:: Your objective ::
Would you show every line from the records that holds "share"?

:: Records ::
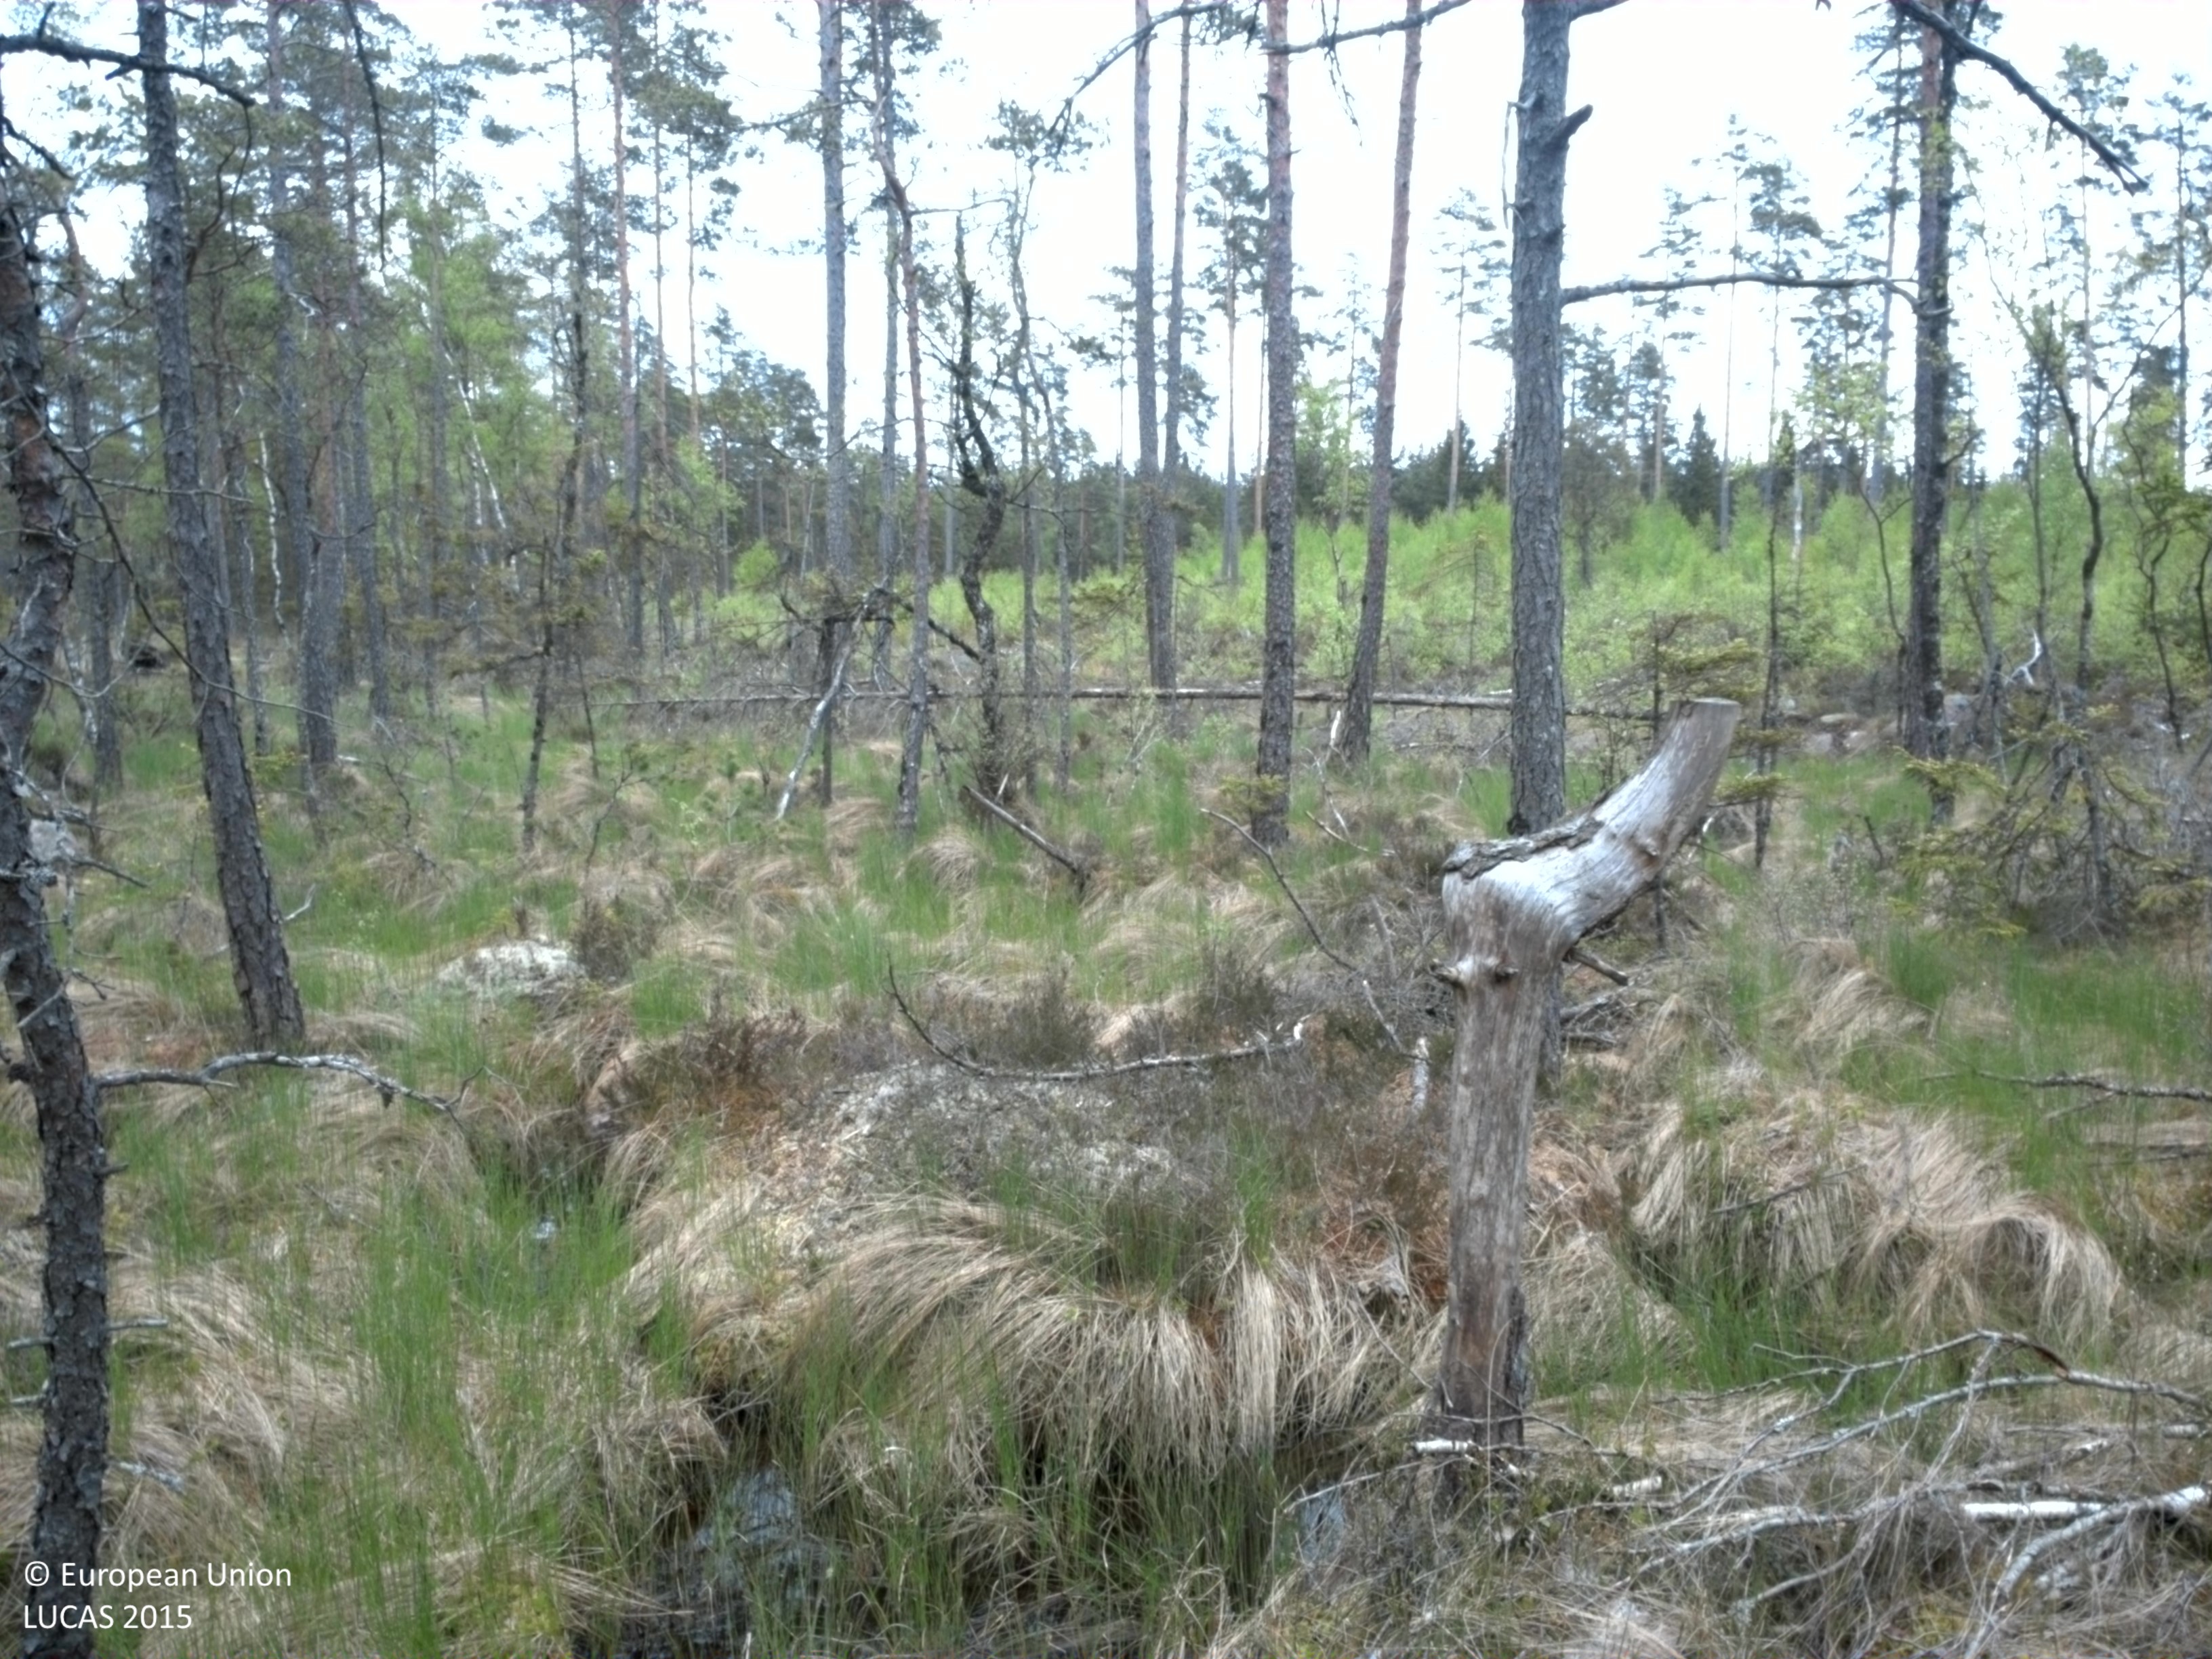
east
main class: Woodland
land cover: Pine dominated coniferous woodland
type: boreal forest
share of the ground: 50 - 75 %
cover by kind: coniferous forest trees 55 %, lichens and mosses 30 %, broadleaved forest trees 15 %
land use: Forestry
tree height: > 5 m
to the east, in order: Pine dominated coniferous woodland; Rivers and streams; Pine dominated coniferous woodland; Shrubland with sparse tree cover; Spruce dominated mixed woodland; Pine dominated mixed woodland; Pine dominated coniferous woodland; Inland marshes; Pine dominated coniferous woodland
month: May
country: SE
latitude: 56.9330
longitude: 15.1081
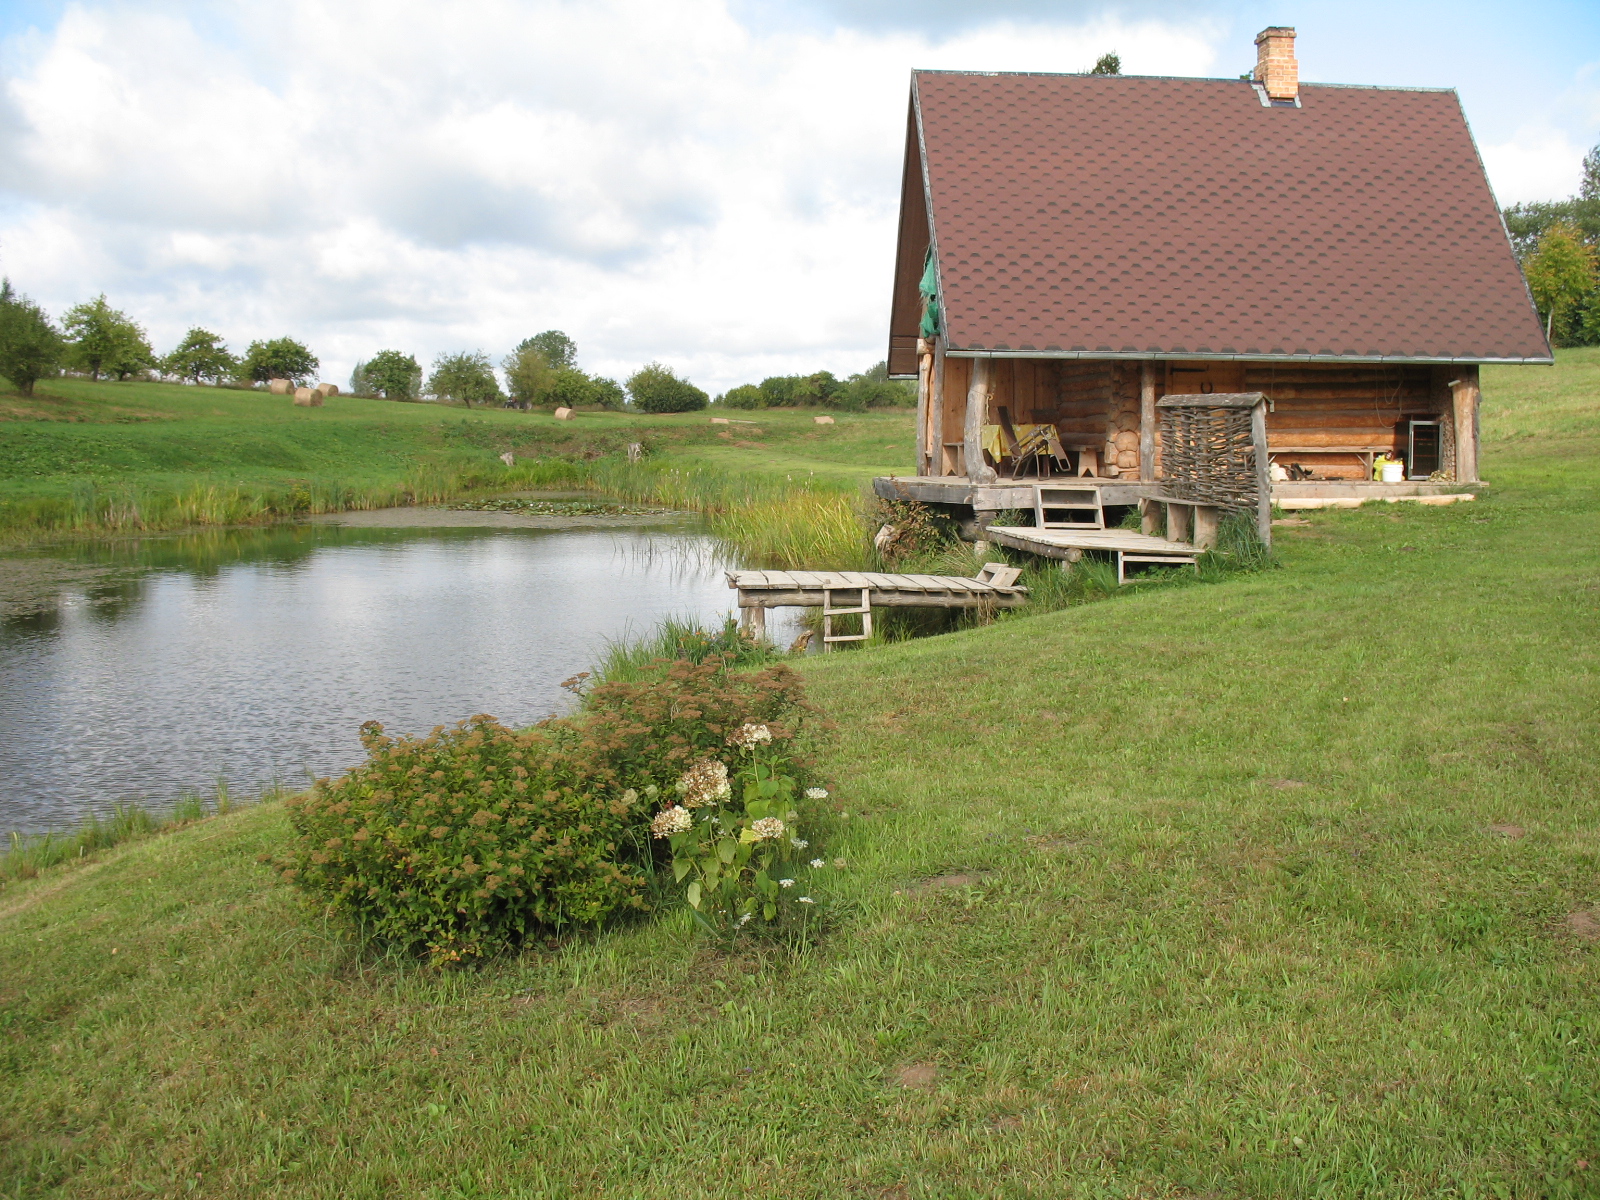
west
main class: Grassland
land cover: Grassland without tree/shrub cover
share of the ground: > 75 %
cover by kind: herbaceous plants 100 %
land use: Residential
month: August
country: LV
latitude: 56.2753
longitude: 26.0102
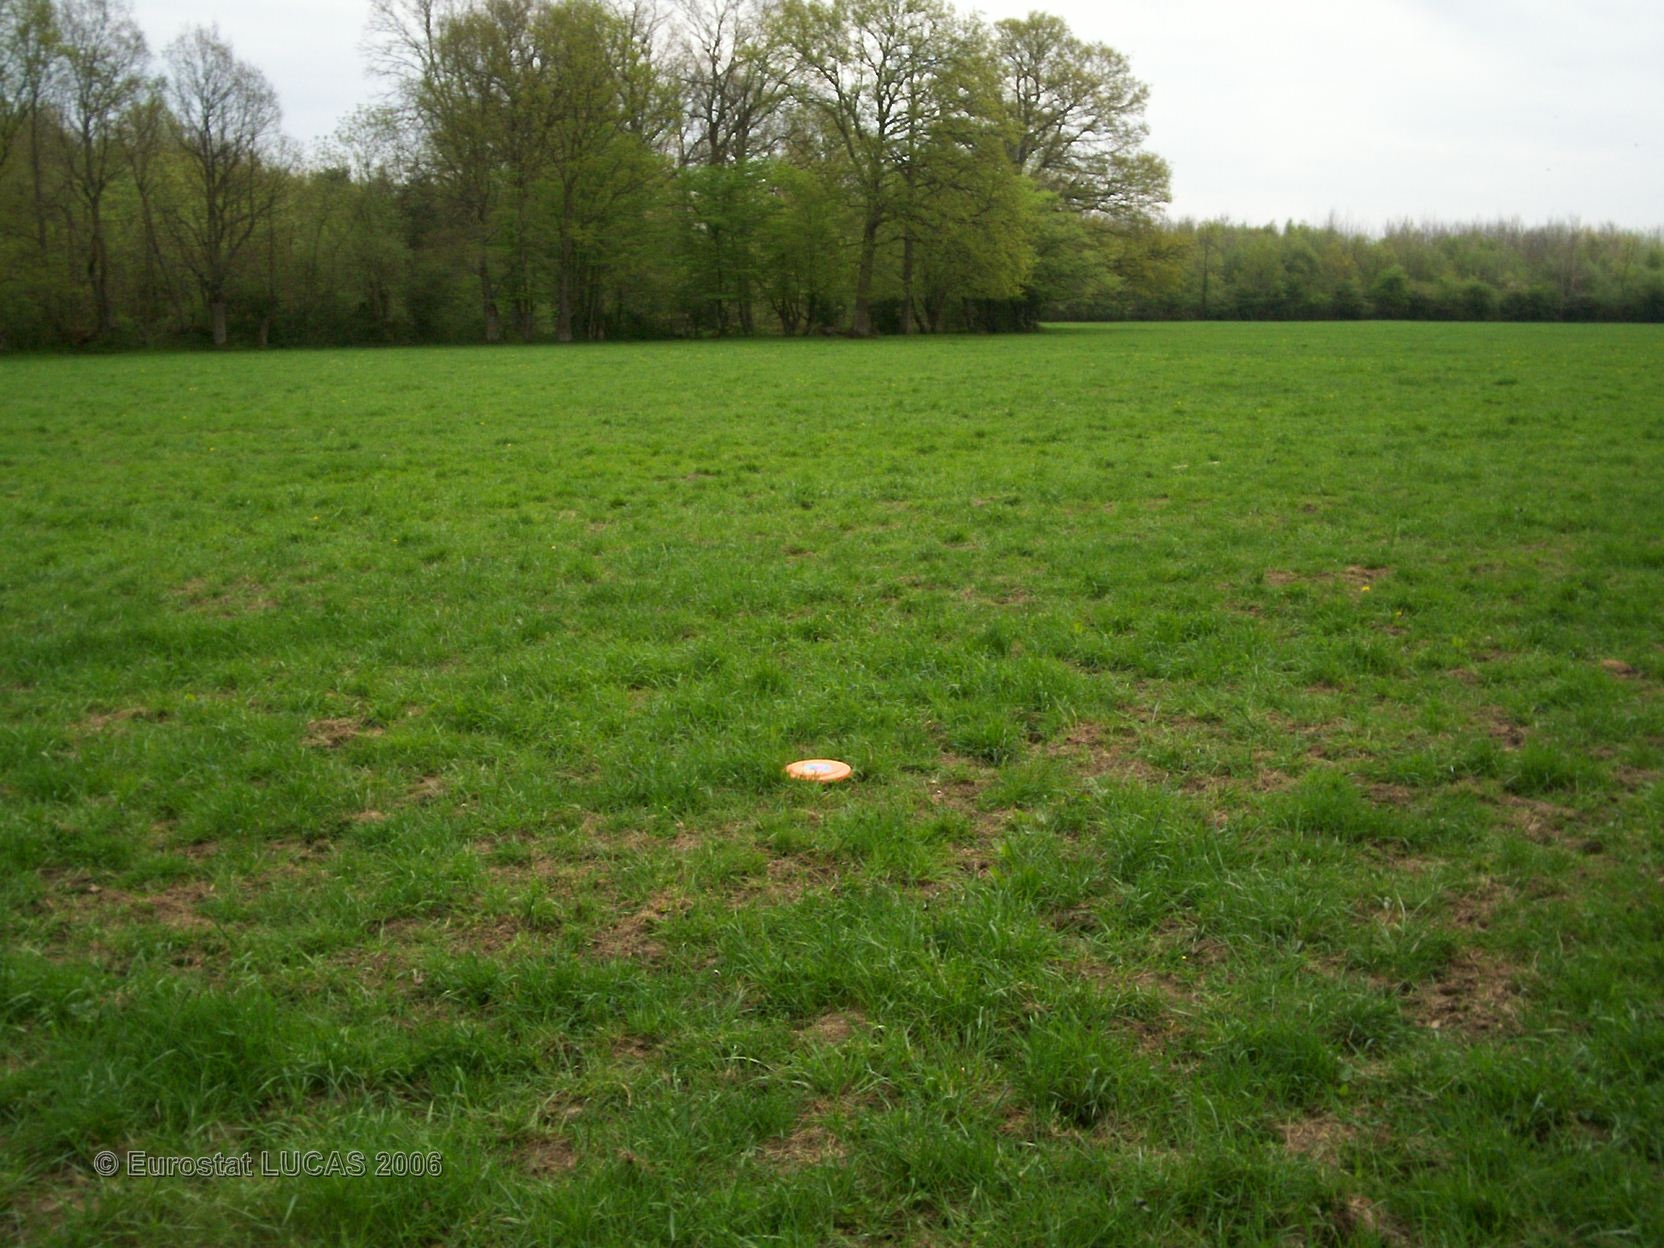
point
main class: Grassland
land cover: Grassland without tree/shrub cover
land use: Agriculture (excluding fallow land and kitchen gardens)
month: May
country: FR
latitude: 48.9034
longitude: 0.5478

:: Task solution ::
share of the ground: 50 - 75 %
share of the ground: > 75 %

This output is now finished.